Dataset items
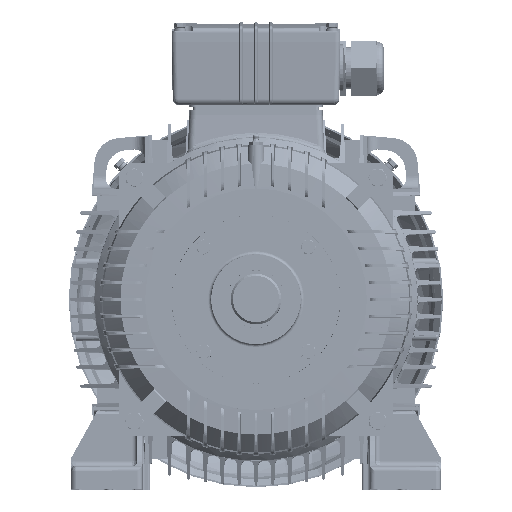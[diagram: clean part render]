
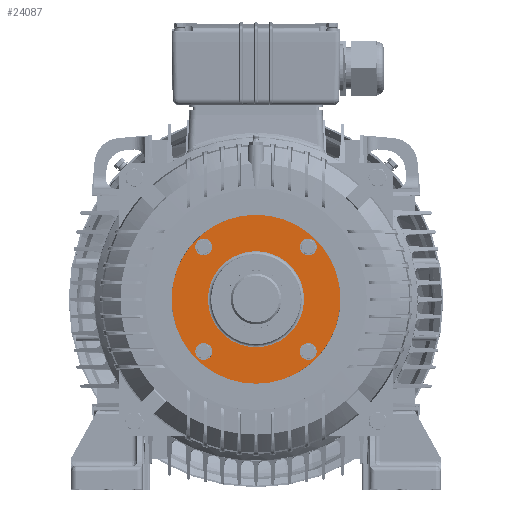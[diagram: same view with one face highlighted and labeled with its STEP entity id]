
A CAD part, top view. The second image highlights one B-rep face of the part: STEP entity #24087.
In plain terms, the highlighted planar face has unit normal (0, 0, 1).
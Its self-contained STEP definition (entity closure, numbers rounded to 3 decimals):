
#24087 = ADVANCED_FACE ( 'NONE', ( #240542, #240546, #240548, #240550, #240552, #240553 ), #241408, .F. ) ;
#37381 = EDGE_LOOP ( 'NONE', ( #131362, #131364 ) ) ;
#37382 = EDGE_LOOP ( 'NONE', ( #131361, #136689 ) ) ;
#37383 = EDGE_LOOP ( 'NONE', ( #131363, #136691 ) ) ;
#37384 = EDGE_LOOP ( 'NONE', ( #136688, #136693 ) ) ;
#37385 = EDGE_LOOP ( 'NONE', ( #136690, #136695 ) ) ;
#37386 = EDGE_LOOP ( 'NONE', ( #136692, #136696 ) ) ;
#98273 = VERTEX_POINT ( 'NONE', #292042 ) ;
#98274 = VERTEX_POINT ( 'NONE', #292044 ) ;
#98277 = VERTEX_POINT ( 'NONE', #292050 ) ;
#98278 = VERTEX_POINT ( 'NONE', #292052 ) ;
#98281 = VERTEX_POINT ( 'NONE', #292058 ) ;
#98282 = VERTEX_POINT ( 'NONE', #292060 ) ;
#98285 = VERTEX_POINT ( 'NONE', #292066 ) ;
#98286 = VERTEX_POINT ( 'NONE', #292068 ) ;
#98308 = VERTEX_POINT ( 'NONE', #292111 ) ;
#98309 = VERTEX_POINT ( 'NONE', #292113 ) ;
#98355 = VERTEX_POINT ( 'NONE', #292205 ) ;
#98356 = VERTEX_POINT ( 'NONE', #292207 ) ;
#118773 = EDGE_CURVE ( 'NONE', #98273, #98274, #149620, .T. ) ;
#118782 = EDGE_CURVE ( 'NONE', #98277, #98278, #149622, .T. ) ;
#118791 = EDGE_CURVE ( 'NONE', #98281, #98282, #149624, .T. ) ;
#118801 = EDGE_CURVE ( 'NONE', #98285, #98286, #149628, .T. ) ;
#118855 = EDGE_CURVE ( 'NONE', #98308, #98309, #149636, .T. ) ;
#118967 = EDGE_CURVE ( 'NONE', #98356, #98355, #149666, .T. ) ;
#131361 = ORIENTED_EDGE ( 'NONE', *, *, #132132, .F. ) ;
#131362 = ORIENTED_EDGE ( 'NONE', *, *, #132130, .F. ) ;
#131363 = ORIENTED_EDGE ( 'NONE', *, *, #132135, .F. ) ;
#131364 = ORIENTED_EDGE ( 'NONE', *, *, #118773, .F. ) ;
#132130 = EDGE_CURVE ( 'NONE', #98274, #98273, #151657, .T. ) ;
#132132 = EDGE_CURVE ( 'NONE', #98278, #98277, #151660, .T. ) ;
#132135 = EDGE_CURVE ( 'NONE', #98282, #98281, #151662, .T. ) ;
#132137 = EDGE_CURVE ( 'NONE', #98286, #98285, #151664, .T. ) ;
#132139 = EDGE_CURVE ( 'NONE', #98309, #98308, #151666, .T. ) ;
#132142 = EDGE_CURVE ( 'NONE', #98355, #98356, #151669, .T. ) ;
#136688 = ORIENTED_EDGE ( 'NONE', *, *, #132137, .F. ) ;
#136689 = ORIENTED_EDGE ( 'NONE', *, *, #118782, .F. ) ;
#136690 = ORIENTED_EDGE ( 'NONE', *, *, #132139, .T. ) ;
#136691 = ORIENTED_EDGE ( 'NONE', *, *, #118791, .F. ) ;
#136692 = ORIENTED_EDGE ( 'NONE', *, *, #118967, .T. ) ;
#136693 = ORIENTED_EDGE ( 'NONE', *, *, #118801, .F. ) ;
#136695 = ORIENTED_EDGE ( 'NONE', *, *, #118855, .T. ) ;
#136696 = ORIENTED_EDGE ( 'NONE', *, *, #132142, .T. ) ;
#149620 = CIRCLE ( 'NONE', #281920, 5. ) ;
#149622 = CIRCLE ( 'NONE', #281936, 5. ) ;
#149624 = CIRCLE ( 'NONE', #281947, 5. ) ;
#149628 = CIRCLE ( 'NONE', #281957, 5. ) ;
#149636 = CIRCLE ( 'NONE', #281998, 45.5 ) ;
#149666 = CIRCLE ( 'NONE', #282097, 80. ) ;
#151657 = CIRCLE ( 'NONE', #281985, 5. ) ;
#151660 = CIRCLE ( 'NONE', #281995, 5. ) ;
#151662 = CIRCLE ( 'NONE', #281997, 5. ) ;
#151664 = CIRCLE ( 'NONE', #281999, 5. ) ;
#151666 = CIRCLE ( 'NONE', #282001, 45.5 ) ;
#151669 = CIRCLE ( 'NONE', #282003, 80. ) ;
#240542 = FACE_BOUND ( 'NONE', #37381, .T. ) ;
#240546 = FACE_BOUND ( 'NONE', #37382, .T. ) ;
#240547 = AXIS2_PLACEMENT_3D ( 'NONE', #241409, #241412, #241413 ) ;
#240548 = FACE_BOUND ( 'NONE', #37383, .T. ) ;
#240550 = FACE_BOUND ( 'NONE', #37384, .T. ) ;
#240552 = FACE_BOUND ( 'NONE', #37385, .T. ) ;
#240553 = FACE_OUTER_BOUND ( 'NONE', #37386, .T. ) ;
#241408 = PLANE ( 'NONE',  #240547 ) ;
#241409 = CARTESIAN_POINT ( 'NONE',  ( 0., 42.5, 208.5 ) ) ;
#241412 = DIRECTION ( 'NONE',  ( 0., 0., -1. ) ) ;
#241413 = DIRECTION ( 'NONE',  ( -1., 0., 0. ) ) ;
#281920 = AXIS2_PLACEMENT_3D ( 'NONE', #288569, #288571, #288573 ) ;
#281936 = AXIS2_PLACEMENT_3D ( 'NONE', #288593, #288595, #288597 ) ;
#281947 = AXIS2_PLACEMENT_3D ( 'NONE', #288618, #288621, #288622 ) ;
#281957 = AXIS2_PLACEMENT_3D ( 'NONE', #288642, #288644, #288646 ) ;
#281985 = AXIS2_PLACEMENT_3D ( 'NONE', #315203, #315204, #315205 ) ;
#281995 = AXIS2_PLACEMENT_3D ( 'NONE', #315206, #315207, #315208 ) ;
#281997 = AXIS2_PLACEMENT_3D ( 'NONE', #315209, #315210, #315211 ) ;
#281998 = AXIS2_PLACEMENT_3D ( 'NONE', #288855, #288857, #288859 ) ;
#281999 = AXIS2_PLACEMENT_3D ( 'NONE', #315212, #315213, #315214 ) ;
#282001 = AXIS2_PLACEMENT_3D ( 'NONE', #315215, #315216, #315217 ) ;
#282003 = AXIS2_PLACEMENT_3D ( 'NONE', #315218, #315219, #315220 ) ;
#282097 = AXIS2_PLACEMENT_3D ( 'NONE', #289186, #289188, #289190 ) ;
#288569 = CARTESIAN_POINT ( 'NONE',  ( 49.497, -49.497, 208.5 ) ) ;
#288571 = DIRECTION ( 'NONE',  ( 0., 0., 1. ) ) ;
#288573 = DIRECTION ( 'NONE',  ( 0., -1., 0. ) ) ;
#288593 = CARTESIAN_POINT ( 'NONE',  ( -49.497, -49.497, 208.5 ) ) ;
#288595 = DIRECTION ( 'NONE',  ( 0., 0., 1. ) ) ;
#288597 = DIRECTION ( 'NONE',  ( -1., 0., 0. ) ) ;
#288618 = CARTESIAN_POINT ( 'NONE',  ( -49.497, 49.497, 208.5 ) ) ;
#288621 = DIRECTION ( 'NONE',  ( 0., 0., 1. ) ) ;
#288622 = DIRECTION ( 'NONE',  ( 0., 1., 0. ) ) ;
#288642 = CARTESIAN_POINT ( 'NONE',  ( 49.497, 49.497, 208.5 ) ) ;
#288644 = DIRECTION ( 'NONE',  ( 0., 0., 1. ) ) ;
#288646 = DIRECTION ( 'NONE',  ( 1., 0., 0. ) ) ;
#288855 = CARTESIAN_POINT ( 'NONE',  ( 0., 0., 208.5 ) ) ;
#288857 = DIRECTION ( 'NONE',  ( 0., 0., -1. ) ) ;
#288859 = DIRECTION ( 'NONE',  ( -1., 0., 0. ) ) ;
#289186 = CARTESIAN_POINT ( 'NONE',  ( 0., 0., 208.5 ) ) ;
#289188 = DIRECTION ( 'NONE',  ( 0., 0., 1. ) ) ;
#289190 = DIRECTION ( 'NONE',  ( 1., 0., 0. ) ) ;
#292042 = CARTESIAN_POINT ( 'NONE',  ( 44.497, -49.497, 208.5 ) ) ;
#292044 = CARTESIAN_POINT ( 'NONE',  ( 54.497, -49.497, 208.5 ) ) ;
#292050 = CARTESIAN_POINT ( 'NONE',  ( -54.497, -49.497, 208.5 ) ) ;
#292052 = CARTESIAN_POINT ( 'NONE',  ( -44.497, -49.497, 208.5 ) ) ;
#292058 = CARTESIAN_POINT ( 'NONE',  ( -54.497, 49.497, 208.5 ) ) ;
#292060 = CARTESIAN_POINT ( 'NONE',  ( -44.497, 49.497, 208.5 ) ) ;
#292066 = CARTESIAN_POINT ( 'NONE',  ( 44.497, 49.497, 208.5 ) ) ;
#292068 = CARTESIAN_POINT ( 'NONE',  ( 54.497, 49.497, 208.5 ) ) ;
#292111 = CARTESIAN_POINT ( 'NONE',  ( 45.5, 0., 208.5 ) ) ;
#292113 = CARTESIAN_POINT ( 'NONE',  ( -45.5, 0., 208.5 ) ) ;
#292205 = CARTESIAN_POINT ( 'NONE',  ( -80., 0., 208.5 ) ) ;
#292207 = CARTESIAN_POINT ( 'NONE',  ( 80., 0., 208.5 ) ) ;
#315203 = CARTESIAN_POINT ( 'NONE',  ( 49.497, -49.497, 208.5 ) ) ;
#315204 = DIRECTION ( 'NONE',  ( 0., 0., 1. ) ) ;
#315205 = DIRECTION ( 'NONE',  ( 0., -1., 0. ) ) ;
#315206 = CARTESIAN_POINT ( 'NONE',  ( -49.497, -49.497, 208.5 ) ) ;
#315207 = DIRECTION ( 'NONE',  ( 0., 0., 1. ) ) ;
#315208 = DIRECTION ( 'NONE',  ( -1., 0., 0. ) ) ;
#315209 = CARTESIAN_POINT ( 'NONE',  ( -49.497, 49.497, 208.5 ) ) ;
#315210 = DIRECTION ( 'NONE',  ( 0., 0., 1. ) ) ;
#315211 = DIRECTION ( 'NONE',  ( 0., 1., 0. ) ) ;
#315212 = CARTESIAN_POINT ( 'NONE',  ( 49.497, 49.497, 208.5 ) ) ;
#315213 = DIRECTION ( 'NONE',  ( 0., 0., 1. ) ) ;
#315214 = DIRECTION ( 'NONE',  ( 1., 0., 0. ) ) ;
#315215 = CARTESIAN_POINT ( 'NONE',  ( 0., 0., 208.5 ) ) ;
#315216 = DIRECTION ( 'NONE',  ( 0., 0., -1. ) ) ;
#315217 = DIRECTION ( 'NONE',  ( -1., 0., 0. ) ) ;
#315218 = CARTESIAN_POINT ( 'NONE',  ( 0., 0., 208.5 ) ) ;
#315219 = DIRECTION ( 'NONE',  ( 0., 0., 1. ) ) ;
#315220 = DIRECTION ( 'NONE',  ( 1., 0., 0. ) ) ;

YOUR TASK: Write out exactly the lines above from the line with "#118801 = EDGE_CURVE" through the line with "#240542 = FACE_BOUND", both of them included, and leave out all other lines.

SOLUTION TO THIS EXERCISE:
#118801 = EDGE_CURVE ( 'NONE', #98285, #98286, #149628, .T. ) ;
#118855 = EDGE_CURVE ( 'NONE', #98308, #98309, #149636, .T. ) ;
#118967 = EDGE_CURVE ( 'NONE', #98356, #98355, #149666, .T. ) ;
#131361 = ORIENTED_EDGE ( 'NONE', *, *, #132132, .F. ) ;
#131362 = ORIENTED_EDGE ( 'NONE', *, *, #132130, .F. ) ;
#131363 = ORIENTED_EDGE ( 'NONE', *, *, #132135, .F. ) ;
#131364 = ORIENTED_EDGE ( 'NONE', *, *, #118773, .F. ) ;
#132130 = EDGE_CURVE ( 'NONE', #98274, #98273, #151657, .T. ) ;
#132132 = EDGE_CURVE ( 'NONE', #98278, #98277, #151660, .T. ) ;
#132135 = EDGE_CURVE ( 'NONE', #98282, #98281, #151662, .T. ) ;
#132137 = EDGE_CURVE ( 'NONE', #98286, #98285, #151664, .T. ) ;
#132139 = EDGE_CURVE ( 'NONE', #98309, #98308, #151666, .T. ) ;
#132142 = EDGE_CURVE ( 'NONE', #98355, #98356, #151669, .T. ) ;
#136688 = ORIENTED_EDGE ( 'NONE', *, *, #132137, .F. ) ;
#136689 = ORIENTED_EDGE ( 'NONE', *, *, #118782, .F. ) ;
#136690 = ORIENTED_EDGE ( 'NONE', *, *, #132139, .T. ) ;
#136691 = ORIENTED_EDGE ( 'NONE', *, *, #118791, .F. ) ;
#136692 = ORIENTED_EDGE ( 'NONE', *, *, #118967, .T. ) ;
#136693 = ORIENTED_EDGE ( 'NONE', *, *, #118801, .F. ) ;
#136695 = ORIENTED_EDGE ( 'NONE', *, *, #118855, .T. ) ;
#136696 = ORIENTED_EDGE ( 'NONE', *, *, #132142, .T. ) ;
#149620 = CIRCLE ( 'NONE', #281920, 5. ) ;
#149622 = CIRCLE ( 'NONE', #281936, 5. ) ;
#149624 = CIRCLE ( 'NONE', #281947, 5. ) ;
#149628 = CIRCLE ( 'NONE', #281957, 5. ) ;
#149636 = CIRCLE ( 'NONE', #281998, 45.5 ) ;
#149666 = CIRCLE ( 'NONE', #282097, 80. ) ;
#151657 = CIRCLE ( 'NONE', #281985, 5. ) ;
#151660 = CIRCLE ( 'NONE', #281995, 5. ) ;
#151662 = CIRCLE ( 'NONE', #281997, 5. ) ;
#151664 = CIRCLE ( 'NONE', #281999, 5. ) ;
#151666 = CIRCLE ( 'NONE', #282001, 45.5 ) ;
#151669 = CIRCLE ( 'NONE', #282003, 80. ) ;
#240542 = FACE_BOUND ( 'NONE', #37381, .T. ) ;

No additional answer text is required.